===== DATA LISTING =====

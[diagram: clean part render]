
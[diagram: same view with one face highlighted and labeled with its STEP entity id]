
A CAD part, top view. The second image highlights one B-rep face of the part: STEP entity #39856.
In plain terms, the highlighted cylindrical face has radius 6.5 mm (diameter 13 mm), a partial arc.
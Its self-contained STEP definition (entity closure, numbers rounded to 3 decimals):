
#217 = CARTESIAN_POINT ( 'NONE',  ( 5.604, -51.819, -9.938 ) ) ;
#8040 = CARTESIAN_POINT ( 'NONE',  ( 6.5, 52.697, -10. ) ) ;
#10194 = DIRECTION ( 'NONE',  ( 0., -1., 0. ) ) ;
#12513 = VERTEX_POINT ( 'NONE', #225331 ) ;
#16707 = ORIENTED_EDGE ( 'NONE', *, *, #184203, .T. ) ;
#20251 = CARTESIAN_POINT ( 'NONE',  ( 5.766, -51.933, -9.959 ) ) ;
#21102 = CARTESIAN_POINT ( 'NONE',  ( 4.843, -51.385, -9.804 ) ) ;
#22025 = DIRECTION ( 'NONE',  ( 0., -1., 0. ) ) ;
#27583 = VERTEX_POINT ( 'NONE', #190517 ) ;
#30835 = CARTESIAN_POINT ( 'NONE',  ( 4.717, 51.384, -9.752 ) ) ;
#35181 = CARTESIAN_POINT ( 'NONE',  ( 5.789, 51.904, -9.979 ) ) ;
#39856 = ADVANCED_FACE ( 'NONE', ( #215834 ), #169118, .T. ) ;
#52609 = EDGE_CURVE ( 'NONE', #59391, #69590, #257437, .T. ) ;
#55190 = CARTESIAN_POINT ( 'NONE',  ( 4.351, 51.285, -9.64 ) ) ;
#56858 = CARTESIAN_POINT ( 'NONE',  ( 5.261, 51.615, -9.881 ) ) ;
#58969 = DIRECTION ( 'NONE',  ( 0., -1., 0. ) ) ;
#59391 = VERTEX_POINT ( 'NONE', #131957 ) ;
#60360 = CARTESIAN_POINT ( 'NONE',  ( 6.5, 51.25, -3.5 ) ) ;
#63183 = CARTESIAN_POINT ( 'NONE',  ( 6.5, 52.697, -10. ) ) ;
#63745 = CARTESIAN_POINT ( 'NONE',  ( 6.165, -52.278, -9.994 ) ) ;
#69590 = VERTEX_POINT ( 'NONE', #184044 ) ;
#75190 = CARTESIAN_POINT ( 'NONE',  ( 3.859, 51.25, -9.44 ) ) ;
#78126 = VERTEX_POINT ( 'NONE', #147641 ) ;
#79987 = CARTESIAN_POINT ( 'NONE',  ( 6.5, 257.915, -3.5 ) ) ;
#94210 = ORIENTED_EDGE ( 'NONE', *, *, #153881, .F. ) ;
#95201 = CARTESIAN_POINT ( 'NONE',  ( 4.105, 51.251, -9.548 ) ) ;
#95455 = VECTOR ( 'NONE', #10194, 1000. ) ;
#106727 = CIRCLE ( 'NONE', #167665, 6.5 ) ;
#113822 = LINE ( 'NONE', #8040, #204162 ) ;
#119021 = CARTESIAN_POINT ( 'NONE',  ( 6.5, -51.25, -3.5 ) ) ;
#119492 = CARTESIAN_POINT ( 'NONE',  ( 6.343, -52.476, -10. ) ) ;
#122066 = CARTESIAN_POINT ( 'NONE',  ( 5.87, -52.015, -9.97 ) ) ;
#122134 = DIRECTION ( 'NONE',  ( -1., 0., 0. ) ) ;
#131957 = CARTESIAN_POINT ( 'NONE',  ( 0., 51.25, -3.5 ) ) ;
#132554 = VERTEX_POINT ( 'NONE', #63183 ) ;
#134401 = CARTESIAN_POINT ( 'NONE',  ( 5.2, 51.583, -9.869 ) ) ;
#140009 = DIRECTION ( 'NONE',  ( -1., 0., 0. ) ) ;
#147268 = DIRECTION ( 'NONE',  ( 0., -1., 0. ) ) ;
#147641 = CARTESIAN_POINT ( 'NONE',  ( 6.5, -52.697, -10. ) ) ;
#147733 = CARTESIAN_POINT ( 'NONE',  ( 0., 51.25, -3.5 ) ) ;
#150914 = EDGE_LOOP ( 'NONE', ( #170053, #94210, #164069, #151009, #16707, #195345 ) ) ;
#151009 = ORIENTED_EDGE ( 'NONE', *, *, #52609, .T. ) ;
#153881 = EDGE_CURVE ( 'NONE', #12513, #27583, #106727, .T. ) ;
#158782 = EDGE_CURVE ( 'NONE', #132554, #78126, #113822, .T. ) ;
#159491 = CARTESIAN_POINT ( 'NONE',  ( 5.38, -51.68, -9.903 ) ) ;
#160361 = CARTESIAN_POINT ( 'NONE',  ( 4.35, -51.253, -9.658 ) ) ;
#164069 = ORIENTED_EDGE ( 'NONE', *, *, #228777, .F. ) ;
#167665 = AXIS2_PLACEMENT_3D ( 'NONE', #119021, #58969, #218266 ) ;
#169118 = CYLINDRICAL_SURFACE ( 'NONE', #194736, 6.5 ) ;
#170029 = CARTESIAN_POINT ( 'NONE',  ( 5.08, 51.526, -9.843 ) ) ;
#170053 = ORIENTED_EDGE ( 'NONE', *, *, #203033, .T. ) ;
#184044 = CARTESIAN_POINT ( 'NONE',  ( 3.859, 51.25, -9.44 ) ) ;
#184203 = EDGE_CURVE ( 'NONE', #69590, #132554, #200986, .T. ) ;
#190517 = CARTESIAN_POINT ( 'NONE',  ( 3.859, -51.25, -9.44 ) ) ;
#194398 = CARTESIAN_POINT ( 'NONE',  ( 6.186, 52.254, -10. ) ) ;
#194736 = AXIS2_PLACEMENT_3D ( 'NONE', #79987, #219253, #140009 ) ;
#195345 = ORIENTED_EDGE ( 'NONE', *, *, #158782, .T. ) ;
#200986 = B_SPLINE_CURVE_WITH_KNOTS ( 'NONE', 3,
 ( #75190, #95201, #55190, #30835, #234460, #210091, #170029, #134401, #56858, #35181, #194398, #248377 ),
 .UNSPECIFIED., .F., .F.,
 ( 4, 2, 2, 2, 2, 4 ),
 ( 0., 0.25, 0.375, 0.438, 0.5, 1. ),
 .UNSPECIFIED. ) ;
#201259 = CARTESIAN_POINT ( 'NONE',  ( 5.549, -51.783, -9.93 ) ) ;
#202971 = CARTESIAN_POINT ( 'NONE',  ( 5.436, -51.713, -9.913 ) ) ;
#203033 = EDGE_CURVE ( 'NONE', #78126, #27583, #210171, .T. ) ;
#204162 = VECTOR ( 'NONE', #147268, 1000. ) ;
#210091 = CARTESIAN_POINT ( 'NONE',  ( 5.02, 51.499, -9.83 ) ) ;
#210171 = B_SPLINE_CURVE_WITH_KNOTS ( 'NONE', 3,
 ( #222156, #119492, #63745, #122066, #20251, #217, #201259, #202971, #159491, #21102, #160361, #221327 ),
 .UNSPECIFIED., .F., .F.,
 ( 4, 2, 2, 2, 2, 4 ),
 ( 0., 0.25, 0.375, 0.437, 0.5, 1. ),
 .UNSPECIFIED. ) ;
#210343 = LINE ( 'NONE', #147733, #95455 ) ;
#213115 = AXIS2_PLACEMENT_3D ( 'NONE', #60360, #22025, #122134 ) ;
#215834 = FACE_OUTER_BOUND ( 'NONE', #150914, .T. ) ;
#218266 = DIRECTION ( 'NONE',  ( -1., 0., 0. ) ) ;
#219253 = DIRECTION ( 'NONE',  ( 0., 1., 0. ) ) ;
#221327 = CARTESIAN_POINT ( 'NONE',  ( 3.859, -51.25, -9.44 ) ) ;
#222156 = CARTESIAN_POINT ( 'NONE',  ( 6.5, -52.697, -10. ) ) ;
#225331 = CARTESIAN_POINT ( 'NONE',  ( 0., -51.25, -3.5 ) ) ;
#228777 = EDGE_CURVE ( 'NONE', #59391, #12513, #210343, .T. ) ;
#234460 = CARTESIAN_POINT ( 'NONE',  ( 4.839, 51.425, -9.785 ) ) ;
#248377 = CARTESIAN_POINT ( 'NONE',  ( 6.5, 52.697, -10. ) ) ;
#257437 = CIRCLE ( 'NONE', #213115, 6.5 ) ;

=====

PROBLEM STATEMENT =>
Output only an exact transcription of the lines above from the one with "#167665 = AXIS2_PLACEMENT_3D" up to and including the one with "#200986 = B_SPLINE_CURVE_WITH_KNOTS".

EXPECTED ANSWER =>
#167665 = AXIS2_PLACEMENT_3D ( 'NONE', #119021, #58969, #218266 ) ;
#169118 = CYLINDRICAL_SURFACE ( 'NONE', #194736, 6.5 ) ;
#170029 = CARTESIAN_POINT ( 'NONE',  ( 5.08, 51.526, -9.843 ) ) ;
#170053 = ORIENTED_EDGE ( 'NONE', *, *, #203033, .T. ) ;
#184044 = CARTESIAN_POINT ( 'NONE',  ( 3.859, 51.25, -9.44 ) ) ;
#184203 = EDGE_CURVE ( 'NONE', #69590, #132554, #200986, .T. ) ;
#190517 = CARTESIAN_POINT ( 'NONE',  ( 3.859, -51.25, -9.44 ) ) ;
#194398 = CARTESIAN_POINT ( 'NONE',  ( 6.186, 52.254, -10. ) ) ;
#194736 = AXIS2_PLACEMENT_3D ( 'NONE', #79987, #219253, #140009 ) ;
#195345 = ORIENTED_EDGE ( 'NONE', *, *, #158782, .T. ) ;
#200986 = B_SPLINE_CURVE_WITH_KNOTS ( 'NONE', 3,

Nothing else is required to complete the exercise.